Since there are 10 spaces, my first intuition is to get the average outcome of rolling a 10-sided dice, giving me a 5.5 which I'll round to 6. I'll be left with 4 more spaces where I'll repeat again, giving me 2.5. I'll round to 3, now I left 1 space. So, my guess is 3 jumps.

I used a forward trellis, and applying forward probability found P(X=x) where X = number of steps to reach the end. Consequently I got E(X) = 2.929

My first attempt at this was to note the recursive solution that if we denote the average number of hops for the n step problem as avg(n), then this is equal to 1 for the first hop plus a 1/n chance of each of avg(i) for i=0 to n-1 for the i steps remaining after the first hop. But then you can readily turn this into an equation for avg(n+1) in terms of avg(n): avg(n+1)=(n(avg(n)-1)+avg(n))/(n+1) which quickly simplifies to avg(n+1)=avg(n)+1/(n+1). Noting that avg(0) = 0 then we have that avg(n) = 1 + 1/2 + 1/3 + ... +1/n. For the 10 step problem this works out to be an average of 7381/2520 hops.

E(1)=1 because the frog only has the choice of jumping to the end. {E(n)= E(n-1) + 1/n} because if we put the extra lilypad right in front of the frog then the frog has a (n-1)/n chance of ignoring the lilypad that leads to an expected amount of jumps that is E(n-1) and a 1/n chance of going in that exact lilypad with an expacted amount of jups of 1+ E(n-1). With a bit of probability you can easily work out the formula between the parenthesis and you can show by induction that E(n)=1+1/2+1/3+...+1/n

This was a fun problem! My initial guess was 3, then using theory I came up with a very unforgiving formula for the probability of crossing in n-many hops which relied on nested summations. So then I used a computer to compute the expected number of hops to be about 2.928968. And then, I ran many simulations on my laptop and found the average number of hops to match the expected value I got. As for generalizing, I found that the expected number of hops grows logarithmically and will be about 0.63 + ln(n+1) for n lily pads!

In a simpler way starting from the case pad#=n, each value can be calculated by (1+a+b+c+d+...)/n where the letters are the previous step's values. Since we know that when there are 0 pads, the number of jumps is 0, the rest can be calculated step by step. This is true because each nth case consists of the (n-1)th case and the jump from the beginning to the end (hence the adding of 1). This is also the formula for the nth term of the harmonic series given those previous.

2:58 Intuitive answer would be: Frog jumps would average out at somewhere in the middle in terms of distance for each jump, so it would be a progression of halving the remaining distance each time until you hit a value that is lower than one. About four jumps? Dunno, show me the solution!

It's the sum of the harmonic series!
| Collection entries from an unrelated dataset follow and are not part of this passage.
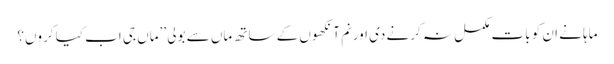
ماہا نے ان کو بات مکمل نہ کرنے دی اور نم آنکھوں کے ساتھ ماں سے بولی ’’ماں جی اب کیا کروں؟
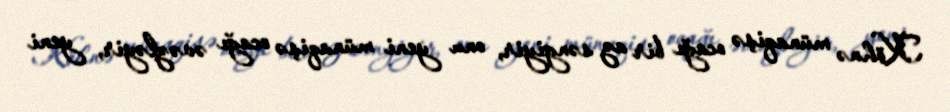
Köhnə münaqişə ocağı bir az səngiyir, onu yeni münaqişə ocağı əvəzləyir, yeni
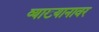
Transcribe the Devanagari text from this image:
व्याख्यानावर

Proof: Say there are n lilypads total. After the first jump, the frog must be in one of the following scenarios: A: It is on the very first lilypad. (With probability 1/n) B: It is on one of the other lilypads. (With probability (n-1)/n) The first case reduces to the case for n-1 lilypads, but plus a jump. So we can say that E(A) = 1+E(n-1) The second case, if you think about it, is the same as if the frog had been in an n-1 lilypads situation, but had already taken a jump. We then get E(B) = E(n-1). E(n) = E(A)/n+ E(B)*(n-1/n) = 1/n + E(n-1). And E(1) is trivially 1. Unfortunately, there are no close-formed solutions to the sum of the harmonic series, so the original question can't be solved as intended. Do have an explicit value for E(10), though! which is 2.92896825396825.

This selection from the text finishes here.